#### [THE TASK]
Each record beneath this line should be returned exactly as it is.

#### [GIVEN INFORMATION]
= = = =
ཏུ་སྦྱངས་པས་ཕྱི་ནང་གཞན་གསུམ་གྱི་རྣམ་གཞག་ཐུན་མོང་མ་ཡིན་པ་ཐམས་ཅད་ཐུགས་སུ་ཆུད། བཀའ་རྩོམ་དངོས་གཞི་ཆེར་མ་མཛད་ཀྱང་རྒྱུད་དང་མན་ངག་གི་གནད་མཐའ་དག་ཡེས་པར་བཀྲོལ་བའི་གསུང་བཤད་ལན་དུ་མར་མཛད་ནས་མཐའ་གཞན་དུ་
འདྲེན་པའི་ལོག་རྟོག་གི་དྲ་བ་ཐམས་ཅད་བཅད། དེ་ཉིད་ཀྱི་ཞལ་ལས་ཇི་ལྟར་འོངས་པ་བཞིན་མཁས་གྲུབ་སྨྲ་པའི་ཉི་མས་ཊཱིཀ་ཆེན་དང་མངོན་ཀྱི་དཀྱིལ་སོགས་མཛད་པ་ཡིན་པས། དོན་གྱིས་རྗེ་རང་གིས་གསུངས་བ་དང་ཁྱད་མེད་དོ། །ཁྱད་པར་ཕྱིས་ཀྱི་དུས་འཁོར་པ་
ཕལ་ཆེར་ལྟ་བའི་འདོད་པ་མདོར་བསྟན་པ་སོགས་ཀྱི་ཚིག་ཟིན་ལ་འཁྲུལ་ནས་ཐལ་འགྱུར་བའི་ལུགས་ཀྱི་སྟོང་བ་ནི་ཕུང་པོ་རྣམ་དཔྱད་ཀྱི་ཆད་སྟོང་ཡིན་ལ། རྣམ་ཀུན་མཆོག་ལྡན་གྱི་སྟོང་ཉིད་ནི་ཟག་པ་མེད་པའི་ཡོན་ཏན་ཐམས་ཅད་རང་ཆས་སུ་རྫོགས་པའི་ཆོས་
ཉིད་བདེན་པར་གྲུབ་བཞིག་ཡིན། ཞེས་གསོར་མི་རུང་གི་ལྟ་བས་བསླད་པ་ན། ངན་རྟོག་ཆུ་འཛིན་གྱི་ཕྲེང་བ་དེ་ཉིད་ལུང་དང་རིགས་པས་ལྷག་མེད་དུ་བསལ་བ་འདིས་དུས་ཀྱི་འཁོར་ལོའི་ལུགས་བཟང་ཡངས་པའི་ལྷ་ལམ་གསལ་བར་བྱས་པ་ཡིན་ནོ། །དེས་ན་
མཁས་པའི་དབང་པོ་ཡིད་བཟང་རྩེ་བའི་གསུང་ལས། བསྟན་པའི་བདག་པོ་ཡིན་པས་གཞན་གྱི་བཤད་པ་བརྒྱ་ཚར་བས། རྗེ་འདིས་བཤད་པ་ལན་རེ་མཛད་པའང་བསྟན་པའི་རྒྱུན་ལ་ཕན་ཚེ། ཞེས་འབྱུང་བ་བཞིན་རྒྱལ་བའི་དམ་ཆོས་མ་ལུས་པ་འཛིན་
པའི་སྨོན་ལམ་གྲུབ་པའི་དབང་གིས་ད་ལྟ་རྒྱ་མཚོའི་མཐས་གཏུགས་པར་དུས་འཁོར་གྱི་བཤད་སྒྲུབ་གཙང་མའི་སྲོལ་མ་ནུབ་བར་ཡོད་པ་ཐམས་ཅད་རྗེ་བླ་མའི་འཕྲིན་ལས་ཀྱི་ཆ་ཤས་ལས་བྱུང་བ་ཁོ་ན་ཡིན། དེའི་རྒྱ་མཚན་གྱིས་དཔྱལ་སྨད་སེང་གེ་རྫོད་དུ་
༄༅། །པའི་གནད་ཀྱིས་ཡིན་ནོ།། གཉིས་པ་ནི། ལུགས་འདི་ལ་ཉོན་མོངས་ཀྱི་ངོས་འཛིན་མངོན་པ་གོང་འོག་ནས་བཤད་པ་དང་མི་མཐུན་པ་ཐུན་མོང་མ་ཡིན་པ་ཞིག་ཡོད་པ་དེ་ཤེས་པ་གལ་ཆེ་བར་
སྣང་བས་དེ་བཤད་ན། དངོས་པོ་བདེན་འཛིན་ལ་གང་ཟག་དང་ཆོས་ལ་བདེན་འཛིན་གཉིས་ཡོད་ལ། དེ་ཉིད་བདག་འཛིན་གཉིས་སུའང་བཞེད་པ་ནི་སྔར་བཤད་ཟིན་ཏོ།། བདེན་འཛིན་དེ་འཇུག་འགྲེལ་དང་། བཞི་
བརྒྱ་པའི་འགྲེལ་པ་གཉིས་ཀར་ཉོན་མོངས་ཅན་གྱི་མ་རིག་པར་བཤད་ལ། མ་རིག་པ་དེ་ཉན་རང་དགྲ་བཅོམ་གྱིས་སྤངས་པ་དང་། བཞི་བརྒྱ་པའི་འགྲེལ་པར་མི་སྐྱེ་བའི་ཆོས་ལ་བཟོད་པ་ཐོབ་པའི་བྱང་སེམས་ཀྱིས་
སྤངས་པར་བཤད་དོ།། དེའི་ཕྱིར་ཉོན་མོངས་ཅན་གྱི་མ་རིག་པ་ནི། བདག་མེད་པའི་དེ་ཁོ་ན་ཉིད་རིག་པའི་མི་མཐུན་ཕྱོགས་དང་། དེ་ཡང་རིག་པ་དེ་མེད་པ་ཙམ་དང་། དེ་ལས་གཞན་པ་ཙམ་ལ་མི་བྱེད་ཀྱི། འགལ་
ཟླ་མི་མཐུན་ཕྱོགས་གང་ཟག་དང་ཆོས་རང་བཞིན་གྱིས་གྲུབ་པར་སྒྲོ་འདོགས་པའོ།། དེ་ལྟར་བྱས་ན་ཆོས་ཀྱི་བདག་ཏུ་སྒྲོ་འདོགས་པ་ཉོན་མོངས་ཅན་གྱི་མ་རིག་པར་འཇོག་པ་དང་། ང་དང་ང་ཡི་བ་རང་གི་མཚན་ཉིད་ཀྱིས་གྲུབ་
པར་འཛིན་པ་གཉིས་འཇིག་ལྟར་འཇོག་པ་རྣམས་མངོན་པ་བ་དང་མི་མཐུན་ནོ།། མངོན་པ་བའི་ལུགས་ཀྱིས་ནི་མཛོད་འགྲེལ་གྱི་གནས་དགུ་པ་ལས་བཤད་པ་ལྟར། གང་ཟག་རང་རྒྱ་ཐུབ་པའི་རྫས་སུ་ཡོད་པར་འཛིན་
= = = =
#### [OUTPUT BELOW]
ཏུ་སྦྱངས་པས་ཕྱི་ནང་གཞན་གསུམ་གྱི་རྣམ་གཞག་ཐུན་མོང་མ་ཡིན་པ་ཐམས་ཅད་ཐུགས་སུ་ཆུད། བཀའ་རྩོམ་དངོས་གཞི་ཆེར་མ་མཛད་ཀྱང་རྒྱུད་དང་མན་ངག་གི་གནད་མཐའ་དག་ཡེས་པར་བཀྲོལ་བའི་གསུང་བཤད་ལན་དུ་མར་མཛད་ནས་མཐའ་གཞན་དུ་
འདྲེན་པའི་ལོག་རྟོག་གི་དྲ་བ་ཐམས་ཅད་བཅད། དེ་ཉིད་ཀྱི་ཞལ་ལས་ཇི་ལྟར་འོངས་པ་བཞིན་མཁས་གྲུབ་སྨྲ་པའི་ཉི་མས་ཊཱིཀ་ཆེན་དང་མངོན་ཀྱི་དཀྱིལ་སོགས་མཛད་པ་ཡིན་པས། དོན་གྱིས་རྗེ་རང་གིས་གསུངས་བ་དང་ཁྱད་མེད་དོ། །ཁྱད་པར་ཕྱིས་ཀྱི་དུས་འཁོར་པ་
ཕལ་ཆེར་ལྟ་བའི་འདོད་པ་མདོར་བསྟན་པ་སོགས་ཀྱི་ཚིག་ཟིན་ལ་འཁྲུལ་ནས་ཐལ་འགྱུར་བའི་ལུགས་ཀྱི་སྟོང་བ་ནི་ཕུང་པོ་རྣམ་དཔྱད་ཀྱི་ཆད་སྟོང་ཡིན་ལ། རྣམ་ཀུན་མཆོག་ལྡན་གྱི་སྟོང་ཉིད་ནི་ཟག་པ་མེད་པའི་ཡོན་ཏན་ཐམས་ཅད་རང་ཆས་སུ་རྫོགས་པའི་ཆོས་
ཉིད་བདེན་པར་གྲུབ་བཞིག་ཡིན། ཞེས་གསོར་མི་རུང་གི་ལྟ་བས་བསླད་པ་ན། ངན་རྟོག་ཆུ་འཛིན་གྱི་ཕྲེང་བ་དེ་ཉིད་ལུང་དང་རིགས་པས་ལྷག་མེད་དུ་བསལ་བ་འདིས་དུས་ཀྱི་འཁོར་ལོའི་ལུགས་བཟང་ཡངས་པའི་ལྷ་ལམ་གསལ་བར་བྱས་པ་ཡིན་ནོ། །དེས་ན་
མཁས་པའི་དབང་པོ་ཡིད་བཟང་རྩེ་བའི་གསུང་ལས། བསྟན་པའི་བདག་པོ་ཡིན་པས་གཞན་གྱི་བཤད་པ་བརྒྱ་ཚར་བས། རྗེ་འདིས་བཤད་པ་ལན་རེ་མཛད་པའང་བསྟན་པའི་རྒྱུན་ལ་ཕན་ཚེ། ཞེས་འབྱུང་བ་བཞིན་རྒྱལ་བའི་དམ་ཆོས་མ་ལུས་པ་འཛིན་
པའི་སྨོན་ལམ་གྲུབ་པའི་དབང་གིས་ད་ལྟ་རྒྱ་མཚོའི་མཐས་གཏུགས་པར་དུས་འཁོར་གྱི་བཤད་སྒྲུབ་གཙང་མའི་སྲོལ་མ་ནུབ་བར་ཡོད་པ་ཐམས་ཅད་རྗེ་བླ་མའི་འཕྲིན་ལས་ཀྱི་ཆ་ཤས་ལས་བྱུང་བ་ཁོ་ན་ཡིན། དེའི་རྒྱ་མཚན་གྱིས་དཔྱལ་སྨད་སེང་གེ་རྫོད་དུ་
༄༅། །པའི་གནད་ཀྱིས་ཡིན་ནོ།། གཉིས་པ་ནི། ལུགས་འདི་ལ་ཉོན་མོངས་ཀྱི་ངོས་འཛིན་མངོན་པ་གོང་འོག་ནས་བཤད་པ་དང་མི་མཐུན་པ་ཐུན་མོང་མ་ཡིན་པ་ཞིག་ཡོད་པ་དེ་ཤེས་པ་གལ་ཆེ་བར་
སྣང་བས་དེ་བཤད་ན། དངོས་པོ་བདེན་འཛིན་ལ་གང་ཟག་དང་ཆོས་ལ་བདེན་འཛིན་གཉིས་ཡོད་ལ། དེ་ཉིད་བདག་འཛིན་གཉིས་སུའང་བཞེད་པ་ནི་སྔར་བཤད་ཟིན་ཏོ།། བདེན་འཛིན་དེ་འཇུག་འགྲེལ་དང་། བཞི་
བརྒྱ་པའི་འགྲེལ་པ་གཉིས་ཀར་ཉོན་མོངས་ཅན་གྱི་མ་རིག་པར་བཤད་ལ། མ་རིག་པ་དེ་ཉན་རང་དགྲ་བཅོམ་གྱིས་སྤངས་པ་དང་། བཞི་བརྒྱ་པའི་འགྲེལ་པར་མི་སྐྱེ་བའི་ཆོས་ལ་བཟོད་པ་ཐོབ་པའི་བྱང་སེམས་ཀྱིས་
སྤངས་པར་བཤད་དོ།། དེའི་ཕྱིར་ཉོན་མོངས་ཅན་གྱི་མ་རིག་པ་ནི། བདག་མེད་པའི་དེ་ཁོ་ན་ཉིད་རིག་པའི་མི་མཐུན་ཕྱོགས་དང་། དེ་ཡང་རིག་པ་དེ་མེད་པ་ཙམ་དང་། དེ་ལས་གཞན་པ་ཙམ་ལ་མི་བྱེད་ཀྱི། འགལ་
ཟླ་མི་མཐུན་ཕྱོགས་གང་ཟག་དང་ཆོས་རང་བཞིན་གྱིས་གྲུབ་པར་སྒྲོ་འདོགས་པའོ།། དེ་ལྟར་བྱས་ན་ཆོས་ཀྱི་བདག་ཏུ་སྒྲོ་འདོགས་པ་ཉོན་མོངས་ཅན་གྱི་མ་རིག་པར་འཇོག་པ་དང་། ང་དང་ང་ཡི་བ་རང་གི་མཚན་ཉིད་ཀྱིས་གྲུབ་
པར་འཛིན་པ་གཉིས་འཇིག་ལྟར་འཇོག་པ་རྣམས་མངོན་པ་བ་དང་མི་མཐུན་ནོ།། མངོན་པ་བའི་ལུགས་ཀྱིས་ནི་མཛོད་འགྲེལ་གྱི་གནས་དགུ་པ་ལས་བཤད་པ་ལྟར། གང་ཟག་རང་རྒྱ་ཐུབ་པའི་རྫས་སུ་ཡོད་པར་འཛིན་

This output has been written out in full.